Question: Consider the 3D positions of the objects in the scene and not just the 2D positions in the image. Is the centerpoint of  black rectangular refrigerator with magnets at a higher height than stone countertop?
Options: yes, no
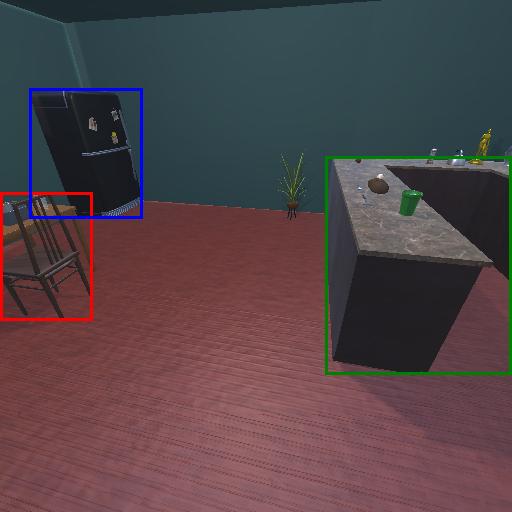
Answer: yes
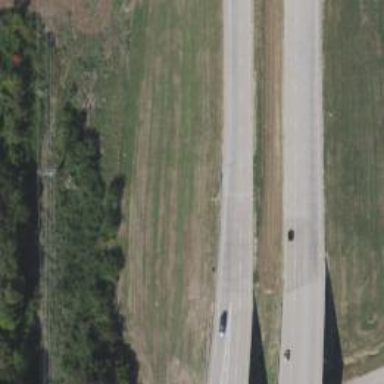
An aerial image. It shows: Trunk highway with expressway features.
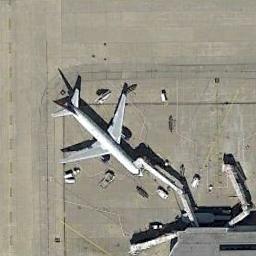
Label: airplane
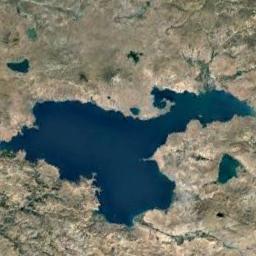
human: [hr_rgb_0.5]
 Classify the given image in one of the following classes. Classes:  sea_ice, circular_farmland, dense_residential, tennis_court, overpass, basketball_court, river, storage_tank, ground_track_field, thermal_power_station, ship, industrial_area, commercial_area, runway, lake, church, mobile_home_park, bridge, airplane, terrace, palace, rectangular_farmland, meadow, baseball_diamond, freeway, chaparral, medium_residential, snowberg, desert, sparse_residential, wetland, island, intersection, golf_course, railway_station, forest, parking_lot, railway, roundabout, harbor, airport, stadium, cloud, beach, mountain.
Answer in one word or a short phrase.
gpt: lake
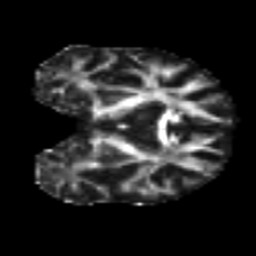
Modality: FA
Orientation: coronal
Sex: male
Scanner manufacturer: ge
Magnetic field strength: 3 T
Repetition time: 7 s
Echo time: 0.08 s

======

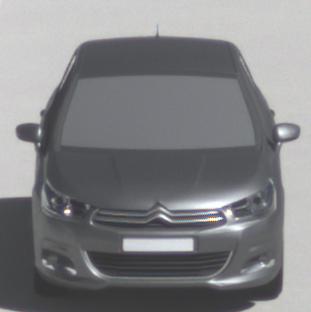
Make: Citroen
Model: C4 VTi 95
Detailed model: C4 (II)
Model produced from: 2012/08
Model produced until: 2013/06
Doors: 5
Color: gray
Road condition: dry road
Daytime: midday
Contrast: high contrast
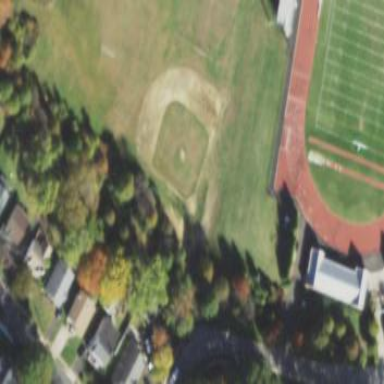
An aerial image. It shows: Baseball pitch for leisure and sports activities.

======

= WORK REQUIRED =
Nothing except the lines from the one containing "An aerial image. It shows: Trunk" through the one containing "Echo time: 0.08 s" should appear in the answer, exactly as above and without pictures.

= SOLUTION =
An aerial image. It shows: Trunk highway with expressway features.
Label: airplane
human: [hr_rgb_0.5]
 Classify the given image in one of the following classes. Classes:  sea_ice, circular_farmland, dense_residential, tennis_court, overpass, basketball_court, river, storage_tank, ground_track_field, thermal_power_station, ship, industrial_area, commercial_area, runway, lake, church, mobile_home_park, bridge, airplane, terrace, palace, rectangular_farmland, meadow, baseball_diamond, freeway, chaparral, medium_residential, snowberg, desert, sparse_residential, wetland, island, intersection, golf_course, railway_station, forest, parking_lot, railway, roundabout, harbor, airport, stadium, cloud, beach, mountain.
Answer in one word or a short phrase.
gpt: lake
Modality: FA
Orientation: coronal
Sex: male
Scanner manufacturer: ge
Magnetic field strength: 3 T
Repetition time: 7 s
Echo time: 0.08 s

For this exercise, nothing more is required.